Q1: Discussion on batch-size.
*   What is batch-size in Neural Network. Where is it defined in the code?
*   Try to vary the batch-size in the code. What do you notice?



## Train on GPU

The following commands show how to transfer tensors and model to GPU.

Place them in the correct position of the code above and monitor the changes.

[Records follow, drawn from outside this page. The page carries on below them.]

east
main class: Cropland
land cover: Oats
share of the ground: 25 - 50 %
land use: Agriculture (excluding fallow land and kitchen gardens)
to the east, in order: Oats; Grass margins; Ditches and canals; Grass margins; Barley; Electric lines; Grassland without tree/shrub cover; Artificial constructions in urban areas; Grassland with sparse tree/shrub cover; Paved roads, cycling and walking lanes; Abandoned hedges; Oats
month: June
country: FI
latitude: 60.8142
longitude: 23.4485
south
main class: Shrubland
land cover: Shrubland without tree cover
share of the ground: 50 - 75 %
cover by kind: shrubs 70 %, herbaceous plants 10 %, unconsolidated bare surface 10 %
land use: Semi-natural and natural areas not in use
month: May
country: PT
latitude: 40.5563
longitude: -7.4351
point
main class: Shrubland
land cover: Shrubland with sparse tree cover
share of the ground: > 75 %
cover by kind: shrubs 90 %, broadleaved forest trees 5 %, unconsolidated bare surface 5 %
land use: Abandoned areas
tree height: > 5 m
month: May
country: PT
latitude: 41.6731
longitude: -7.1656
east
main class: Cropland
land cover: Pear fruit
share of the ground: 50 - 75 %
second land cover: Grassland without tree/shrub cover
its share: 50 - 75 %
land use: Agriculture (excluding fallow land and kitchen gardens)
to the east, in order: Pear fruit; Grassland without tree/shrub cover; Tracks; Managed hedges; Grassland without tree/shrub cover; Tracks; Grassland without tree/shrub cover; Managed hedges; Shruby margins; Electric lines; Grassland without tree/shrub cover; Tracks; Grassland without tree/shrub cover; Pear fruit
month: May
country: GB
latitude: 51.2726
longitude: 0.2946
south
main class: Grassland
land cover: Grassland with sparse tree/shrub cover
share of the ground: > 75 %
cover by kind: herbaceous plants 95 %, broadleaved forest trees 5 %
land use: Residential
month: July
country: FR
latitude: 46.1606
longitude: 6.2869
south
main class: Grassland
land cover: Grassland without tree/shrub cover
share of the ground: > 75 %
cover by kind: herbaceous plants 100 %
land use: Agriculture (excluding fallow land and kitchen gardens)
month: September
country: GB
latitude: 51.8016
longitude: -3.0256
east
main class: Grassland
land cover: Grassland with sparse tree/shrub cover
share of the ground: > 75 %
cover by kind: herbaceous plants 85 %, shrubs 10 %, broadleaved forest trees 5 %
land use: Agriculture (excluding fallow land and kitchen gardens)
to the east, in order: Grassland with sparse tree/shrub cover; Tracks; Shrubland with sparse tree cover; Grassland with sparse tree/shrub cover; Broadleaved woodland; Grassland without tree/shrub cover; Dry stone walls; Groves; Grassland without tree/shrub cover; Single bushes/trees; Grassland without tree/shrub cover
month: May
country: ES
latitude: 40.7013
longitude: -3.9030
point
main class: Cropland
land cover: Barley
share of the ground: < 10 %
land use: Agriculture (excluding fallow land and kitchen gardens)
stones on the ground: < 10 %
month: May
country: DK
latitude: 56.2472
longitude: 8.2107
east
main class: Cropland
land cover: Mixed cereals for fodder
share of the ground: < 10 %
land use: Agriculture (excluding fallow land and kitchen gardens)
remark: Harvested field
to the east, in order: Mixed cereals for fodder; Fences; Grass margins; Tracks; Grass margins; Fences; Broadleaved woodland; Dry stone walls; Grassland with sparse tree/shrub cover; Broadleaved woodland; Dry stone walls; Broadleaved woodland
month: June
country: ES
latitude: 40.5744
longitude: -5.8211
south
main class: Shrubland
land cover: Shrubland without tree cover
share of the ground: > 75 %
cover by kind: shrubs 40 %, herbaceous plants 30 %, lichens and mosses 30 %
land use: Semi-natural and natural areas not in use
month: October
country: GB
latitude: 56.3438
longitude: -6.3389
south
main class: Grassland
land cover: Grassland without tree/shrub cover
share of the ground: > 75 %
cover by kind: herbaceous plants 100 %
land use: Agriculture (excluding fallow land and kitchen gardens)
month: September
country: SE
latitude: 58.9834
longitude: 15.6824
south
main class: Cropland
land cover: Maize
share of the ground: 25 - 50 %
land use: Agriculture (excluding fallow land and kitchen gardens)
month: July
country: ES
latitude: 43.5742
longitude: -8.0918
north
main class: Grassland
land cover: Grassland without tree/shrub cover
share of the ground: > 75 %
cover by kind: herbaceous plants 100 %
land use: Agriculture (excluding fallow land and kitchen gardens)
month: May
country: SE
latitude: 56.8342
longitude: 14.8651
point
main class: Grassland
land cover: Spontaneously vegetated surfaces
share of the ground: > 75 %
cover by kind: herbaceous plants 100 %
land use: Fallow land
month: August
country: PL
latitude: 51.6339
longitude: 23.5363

You need to change runtime to GPU:
*   Go to Runtime -> Change runtime type -> Hardware accelerator: GPU.



In [14]:
# define our device as GPU if available otherwise CPU
device = torch.device('cuda:0' if torch.cuda.is_available() else 'cpu')
print(device)

cuda:0


In [15]:
# move the model to GPU
model.to(device)

FashionCNN(
  (layer1): Sequential(
    (0): Conv2d(1, 32, kernel_size=(3, 3), stride=(1, 1), padding=(1, 1))
    (1): BatchNorm2d(32, eps=1e-05, momentum=0.1, affine=True, track_running_stats=True)
    (2): ReLU()
    (3): MaxPool2d(kernel_size=2, stride=2, padding=0, dilation=1, ceil_mode=False)
  )
  (layer2): Sequential(
    (0): Conv2d(32, 64, kernel_size=(3, 3), stride=(1, 1))
    (1): BatchNorm2d(64, eps=1e-05, momentum=0.1, affine=True, track_running_stats=True)
    (2): ReLU()
    (3): MaxPool2d(kernel_size=2, stride=2, padding=0, dilation=1, ceil_mode=False)
  )
  (fc1): Linear(in_features=2304, out_features=600, bias=True)
  (drop): Dropout2d(p=0.25, inplace=False)
  (fc2): Linear(in_features=600, out_features=120, bias=True)
  (fc3): Linear(in_features=120, out_features=10, bias=True)
)

In [None]:
# move the input and label tensors to GPU
inputs, labels = data[0].to(device), data[1].to(device)

Q2: Discussion on GPU.
*   Use the magic command `%%time` to measure the training time.
*   Compare the training time when using CPU and GPU.
*   Measure the speed-up with GPU. What is the speed-up factor?